The Tigers will have to find a new quarterback after Stidham announced he’s entering the NFL draft. Auburn is in the market for a graduate transfer, and incoming freshman Bo Nix was the No. 4 pocket passer in the ESPN 300.

Auburn’s defense received a big boost when star junior defensive tackle Derrick Brown decided to return in 2019. The 6-foot-5, 325-pound Brown had 45 tackles and 3.5 sacks in 2018.

Auburn’s 2019 schedule is again among the most difficult in the FBS. The Tigers open the season against Oregon in Dallas, play SEC road games at Texas A&M, Florida and LSU, and play Georgia and Alabama at home.


2018 record: 4-8, 3-6 Big Ten

Returning starters: seven offense, six defense, two special teams.

Key losses: WR Stanley Morgan Jr., RB Devine Ozigbo, LB Dedrick Young II, LB Luke Gifford, S Aaron Williams, S Tre Neal

Outlook: It was a painful yet rewarding first season for Scott Frost as coach of his alma mater. The Cornhuskers lost their first six games, but they won four of their last six and nearly beat Northwestern, Ohio State and Iowa on the road.

Freshman quarterback Adrian Martinez gives the Cornhuskers plenty of hope for the future. He passed for 2,617 yards with 17 touchdowns while running for 629 with eight scores. He’ll miss leading receiver Morgan and leading rusher Ozigbo.

Defensively, Nebraska will lose four of its top five tacklers, including two linebackers and two safeties.

Next season, Nebraska plays Ohio State, Northwestern, Wisconsin and Iowa at home and doesn’t play Michigan, Michigan State or Penn State in the regular season.


2018 record: 11-2

Returning starters: seven offense, six defense, zero special teams.

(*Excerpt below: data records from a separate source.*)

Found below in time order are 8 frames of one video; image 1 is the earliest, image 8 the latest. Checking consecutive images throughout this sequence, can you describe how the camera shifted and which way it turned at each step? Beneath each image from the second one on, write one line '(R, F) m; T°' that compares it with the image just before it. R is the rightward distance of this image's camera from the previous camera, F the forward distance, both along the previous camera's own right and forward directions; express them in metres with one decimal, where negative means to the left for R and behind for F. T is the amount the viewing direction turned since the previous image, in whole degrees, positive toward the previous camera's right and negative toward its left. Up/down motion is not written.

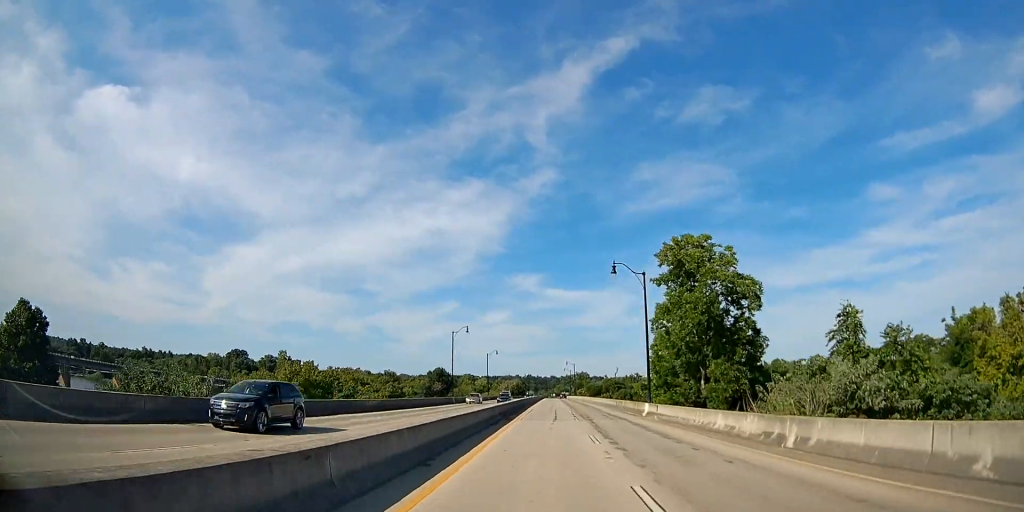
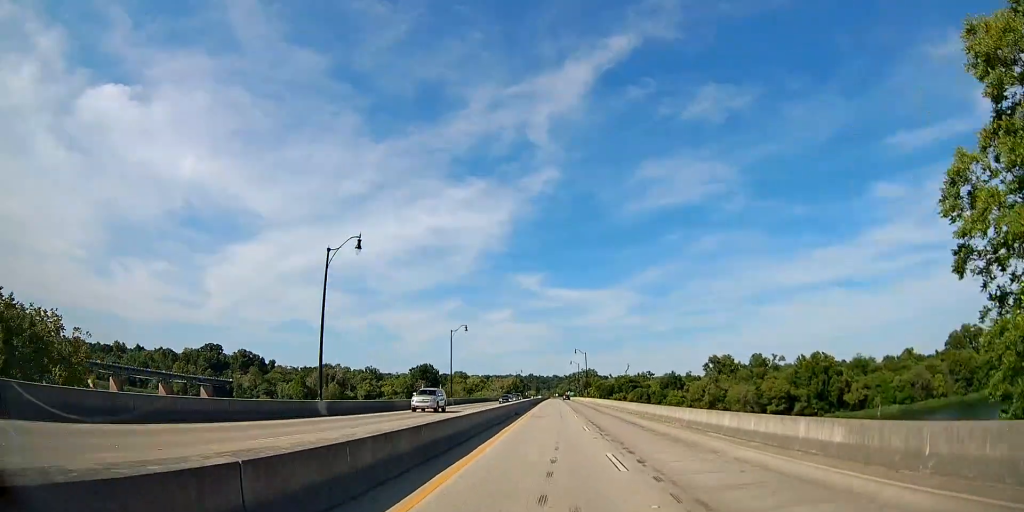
(+0.2, +42.2) m; 0°
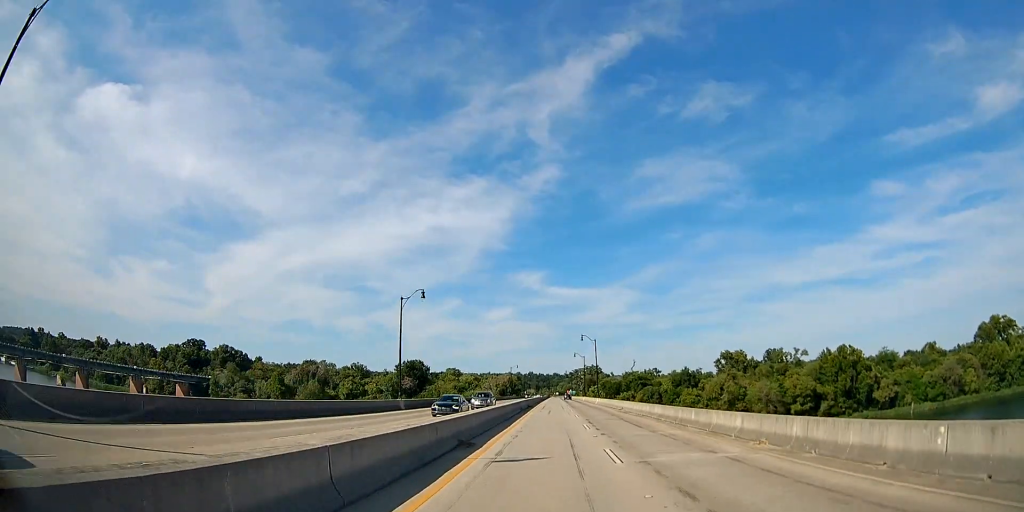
(-0.1, +23.7) m; 0°
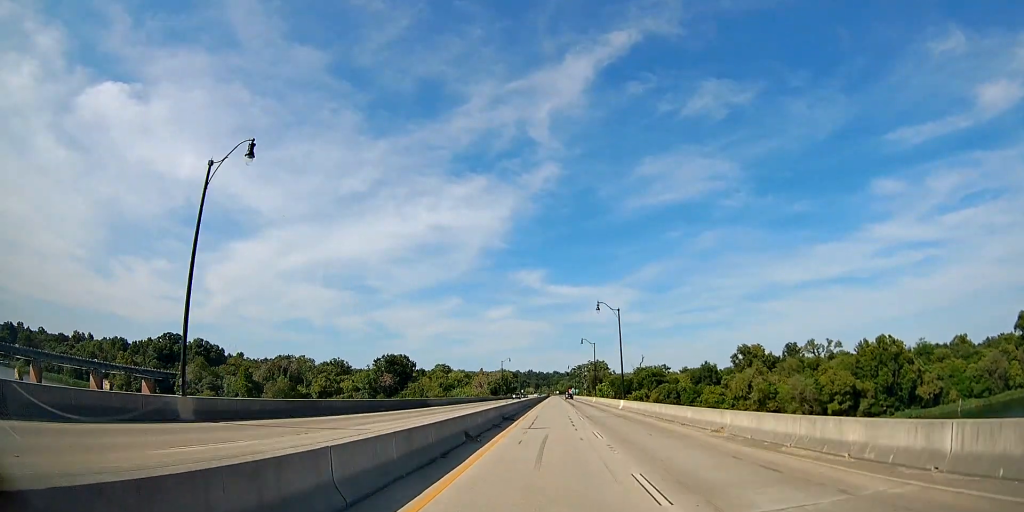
(-0.2, +29.2) m; 0°
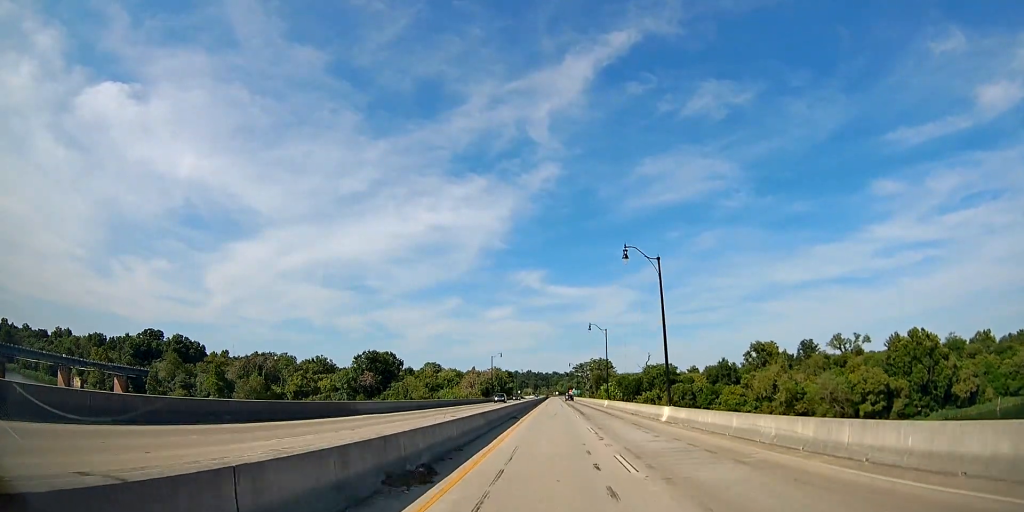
(-0.1, +20.6) m; 0°
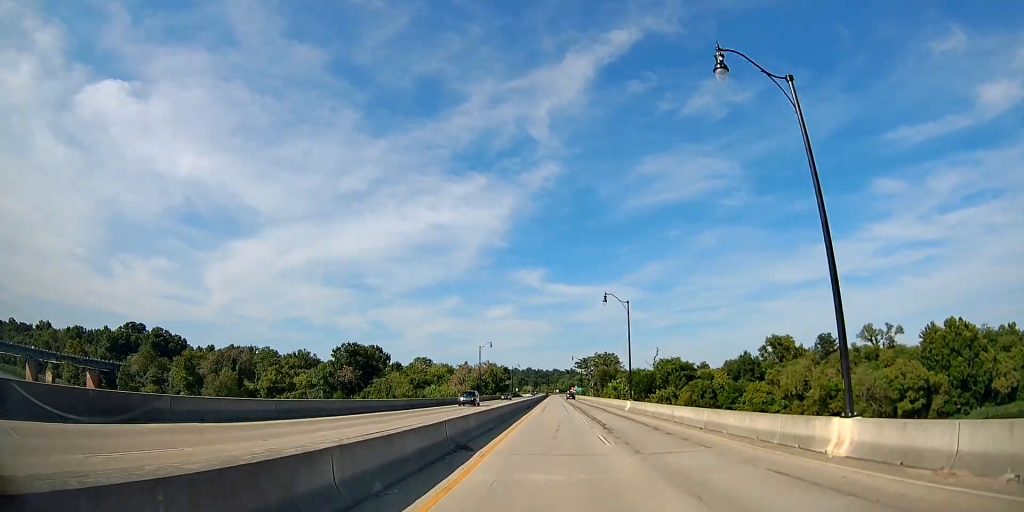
(0.0, +19.5) m; 0°
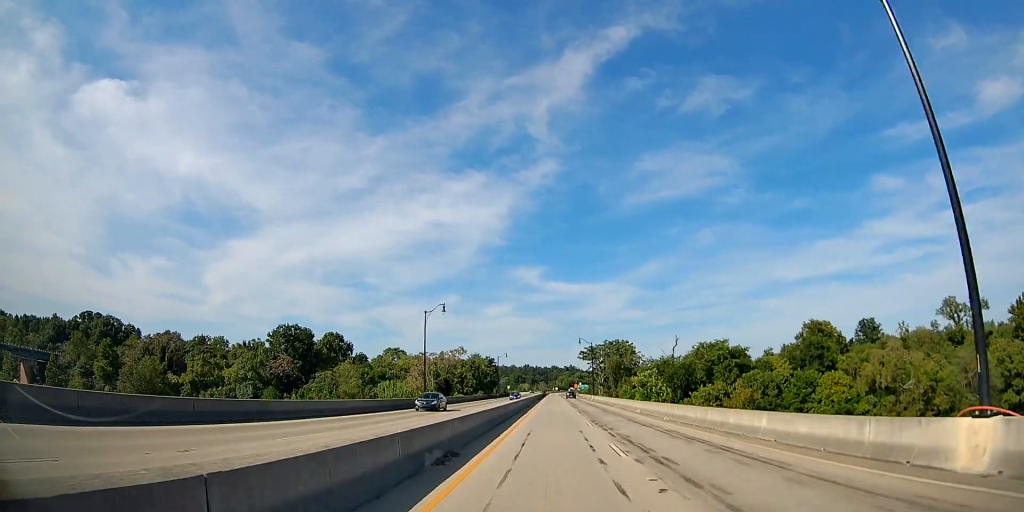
(+0.3, +40.2) m; +1°
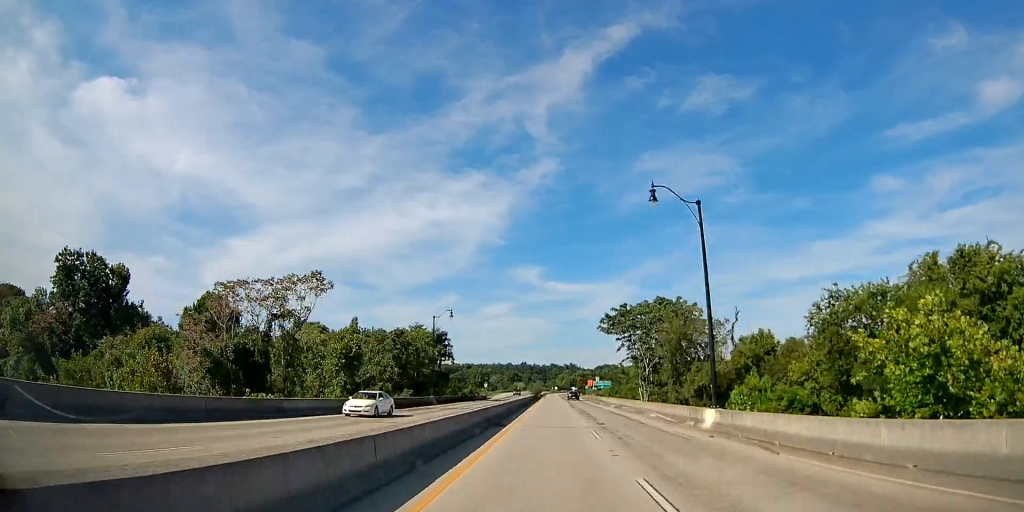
(-0.3, +68.0) m; -1°

Key losses: FB Darnell Woolfolk, C Bryce Holland, OT Austin Schuffert, LB James Nachtigal, S James Gibson, LB Chandler Ramirez, LB Kenneth Brinson

Outlook: The Black Knights enjoyed one of the most remarkable seasons in the 125-year history of the program. They won 11 games for the first time, took Oklahoma to the wire before falling in overtime and blasted Houston 70-14 in the Lockheed Martin Armed Forces Bowl, tying the FBS record for the most lopsided result in a bowl game.

Army has been fortunate to keep coach Jeff Monken around, and he’ll have a team capable of winning 10 or more games again in 2019. Quarterback Kelvin Hopkins Jr., who became the first Army player to run and pass for more than 1,000 yards in a season, will be back to lead the offense. Woolfolk, who ran for 885 yards, and Holland, the leader of the offensive line, are significant losses.

Army is in the market for a new defensive coordinator with Jay Bateman, a Broyles Award finalist, leaving for North Carolina. The Black Knights will miss Nachtigal, their leading tackler, but a solid corps is returning.

Army opens the 2019 season against Rice and plays at Michigan the following week.